In your answer, set down the records below exactly as they stand, omitting pictures.

─── DATA TO USE ───

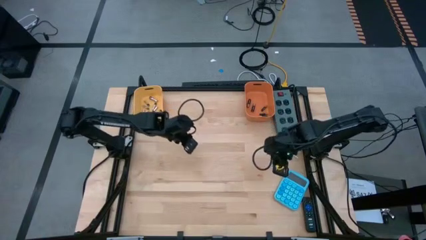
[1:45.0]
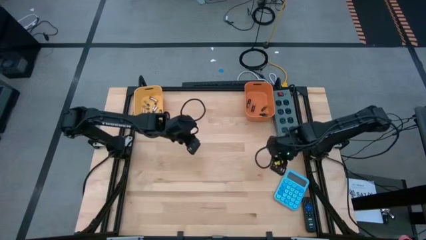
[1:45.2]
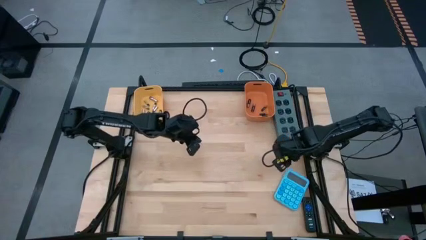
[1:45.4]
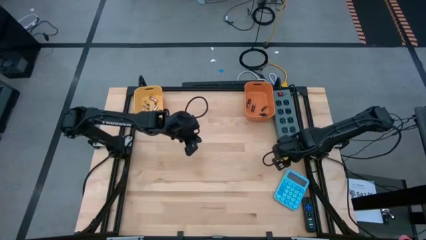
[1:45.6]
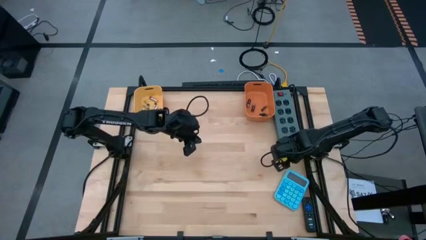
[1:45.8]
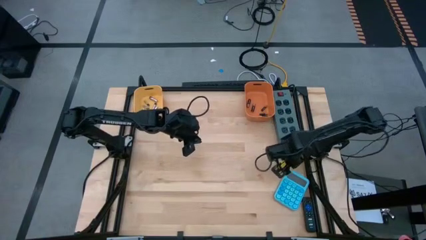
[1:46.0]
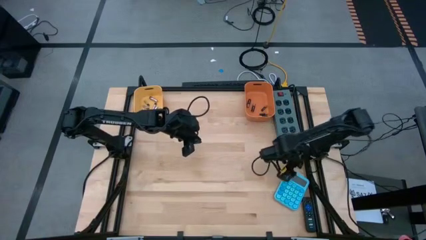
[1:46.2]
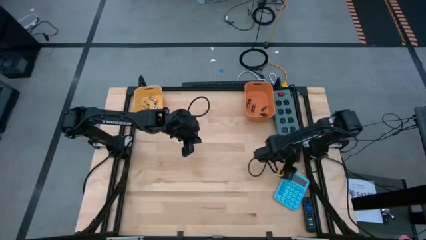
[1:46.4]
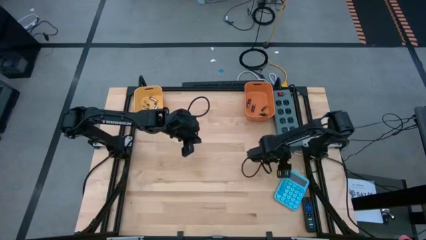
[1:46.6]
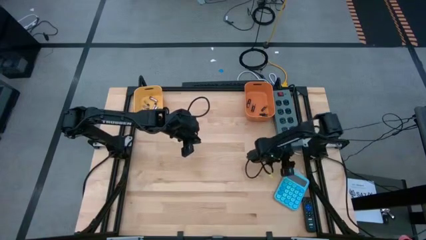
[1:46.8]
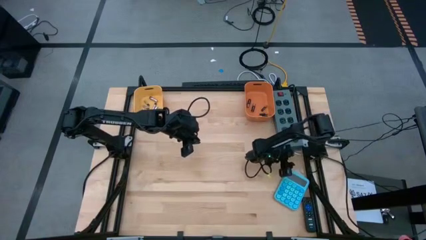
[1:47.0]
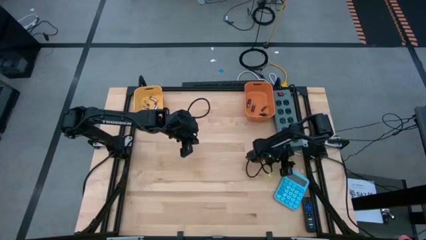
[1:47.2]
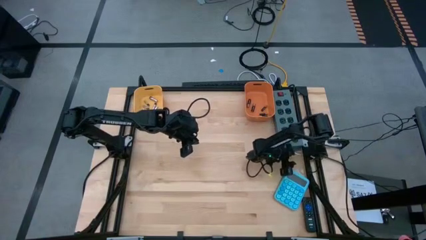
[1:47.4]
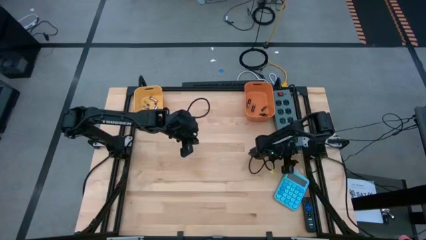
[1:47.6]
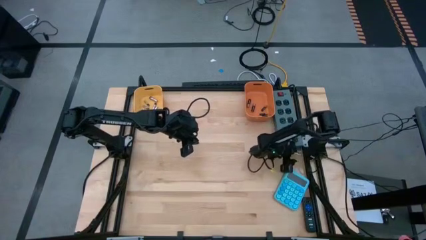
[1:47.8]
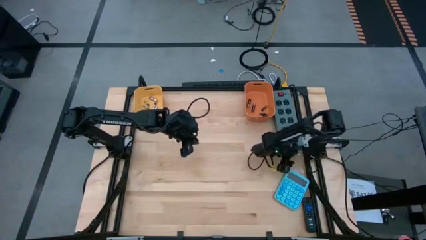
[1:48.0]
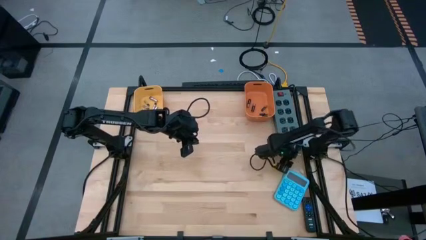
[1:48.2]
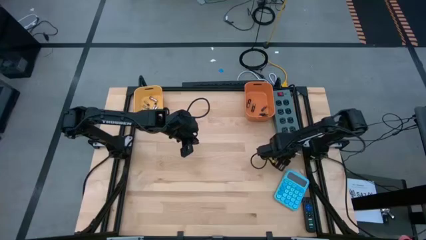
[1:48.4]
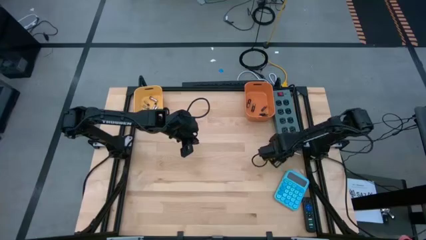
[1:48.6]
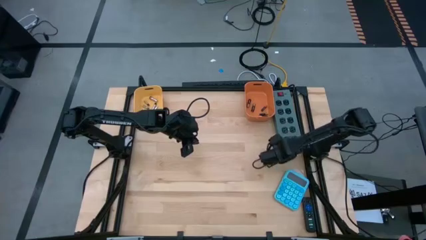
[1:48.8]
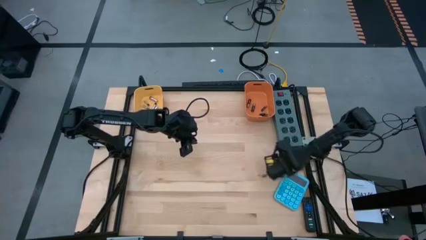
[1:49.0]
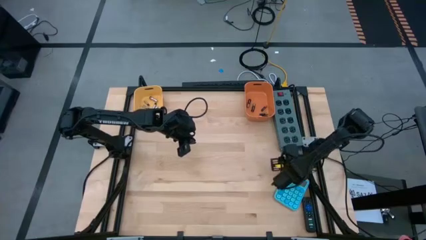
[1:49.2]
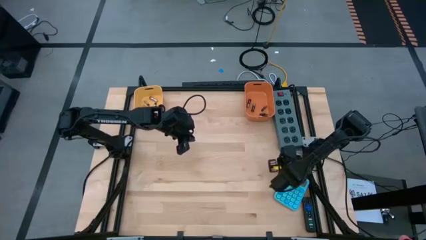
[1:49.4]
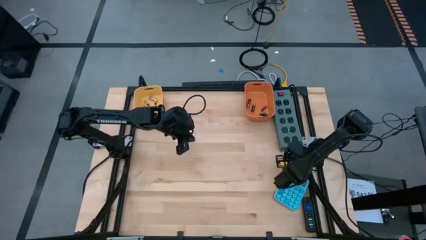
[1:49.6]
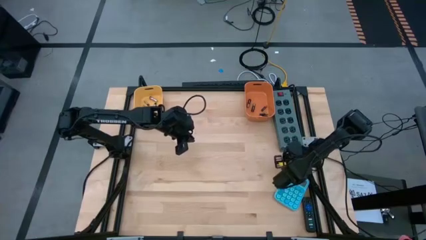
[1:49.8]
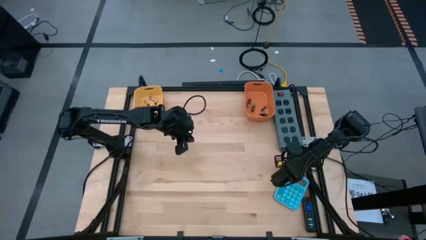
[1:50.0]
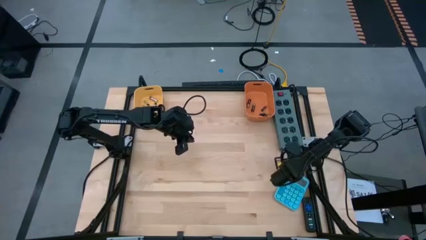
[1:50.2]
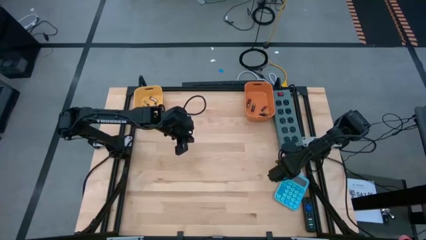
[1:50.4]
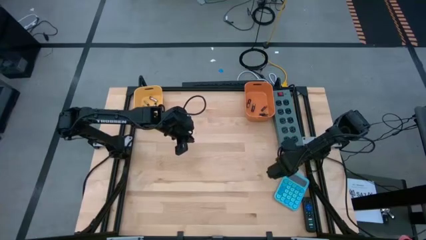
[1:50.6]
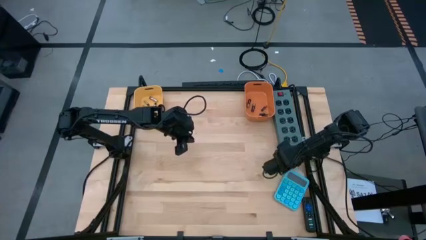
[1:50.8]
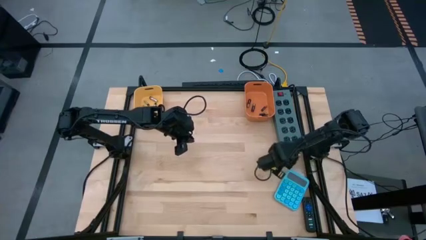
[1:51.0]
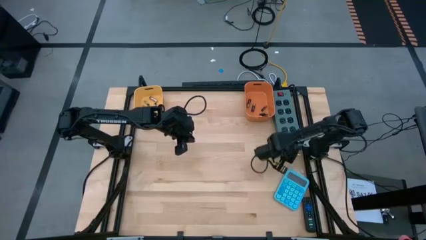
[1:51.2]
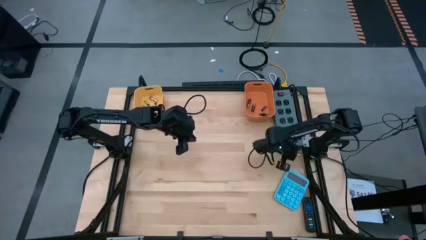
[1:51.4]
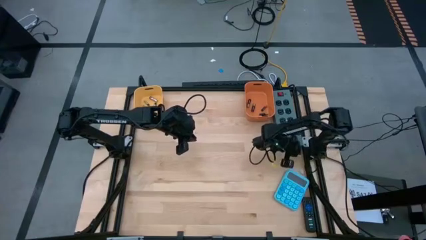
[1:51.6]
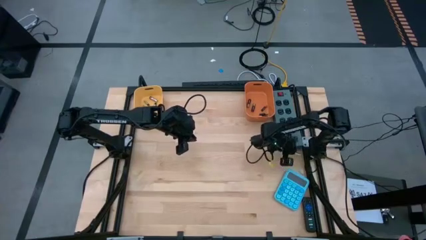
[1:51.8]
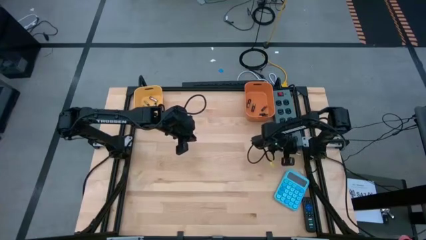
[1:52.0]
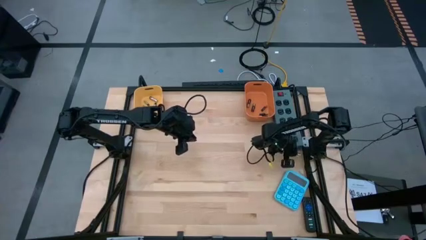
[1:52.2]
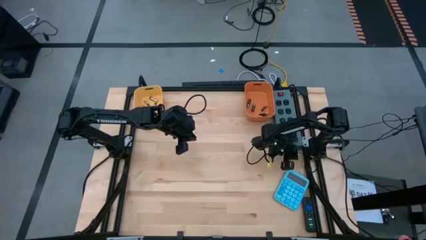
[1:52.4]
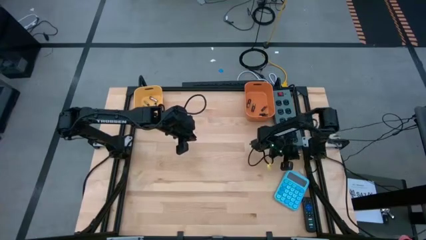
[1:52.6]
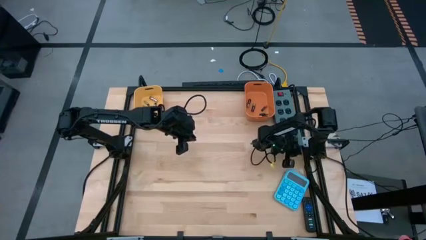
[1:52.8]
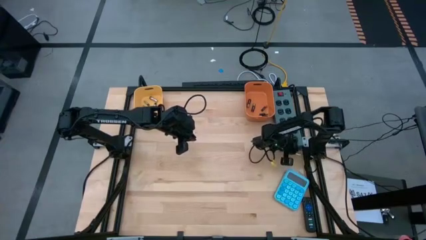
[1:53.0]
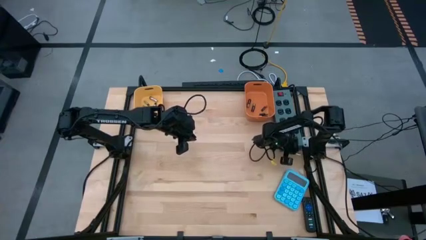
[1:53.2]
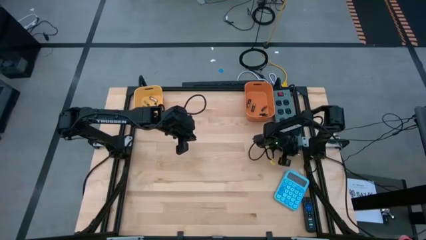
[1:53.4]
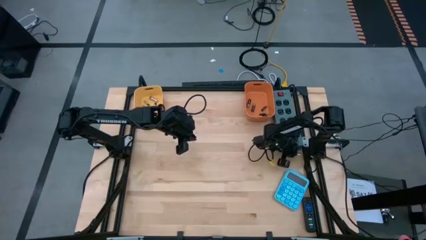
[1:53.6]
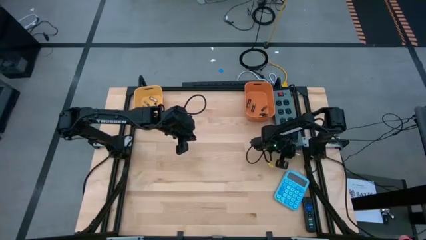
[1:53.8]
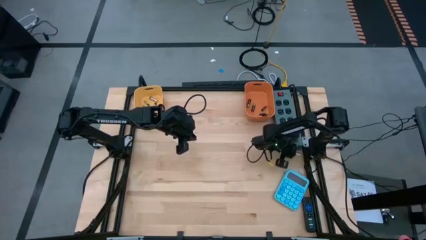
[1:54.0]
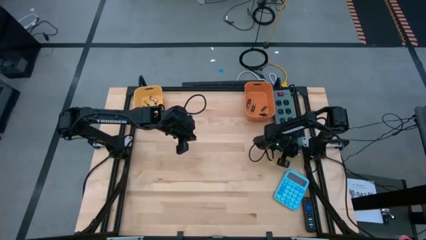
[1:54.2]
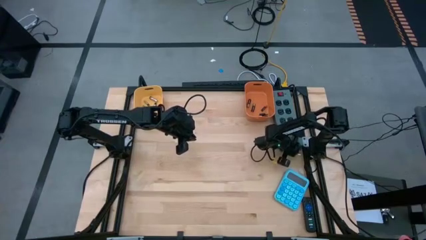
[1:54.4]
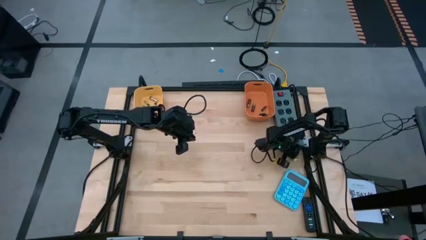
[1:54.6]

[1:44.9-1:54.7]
Task: Sort batteries
Put the silver battery into the yellow bin

───

COMPLETED EXERCISE
[1:45.0]
[1:45.2]
[1:45.4]
[1:45.6]
[1:45.8]
[1:46.0]
[1:46.2]
[1:46.4]
[1:46.6]
[1:46.8]
[1:47.0]
[1:47.2]
[1:47.4]
[1:47.6]
[1:47.8]
[1:48.0]
[1:48.2]
[1:48.4]
[1:48.6]
[1:48.8]
[1:49.0]
[1:49.2]
[1:49.4]
[1:49.6]
[1:49.8]
[1:50.0]
[1:50.2]
[1:50.4]
[1:50.6]
[1:50.8]
[1:51.0]
[1:51.2]
[1:51.4]
[1:51.6]
[1:51.8]
[1:52.0]
[1:52.2]
[1:52.4]
[1:52.6]
[1:52.8]
[1:53.0]
[1:53.2]
[1:53.4]
[1:53.6]
[1:53.8]
[1:54.0]
[1:54.2]
[1:54.4]
[1:54.6]

[1:44.9-1:54.7]
Task: Sort batteries
Put the silver battery into the yellow bin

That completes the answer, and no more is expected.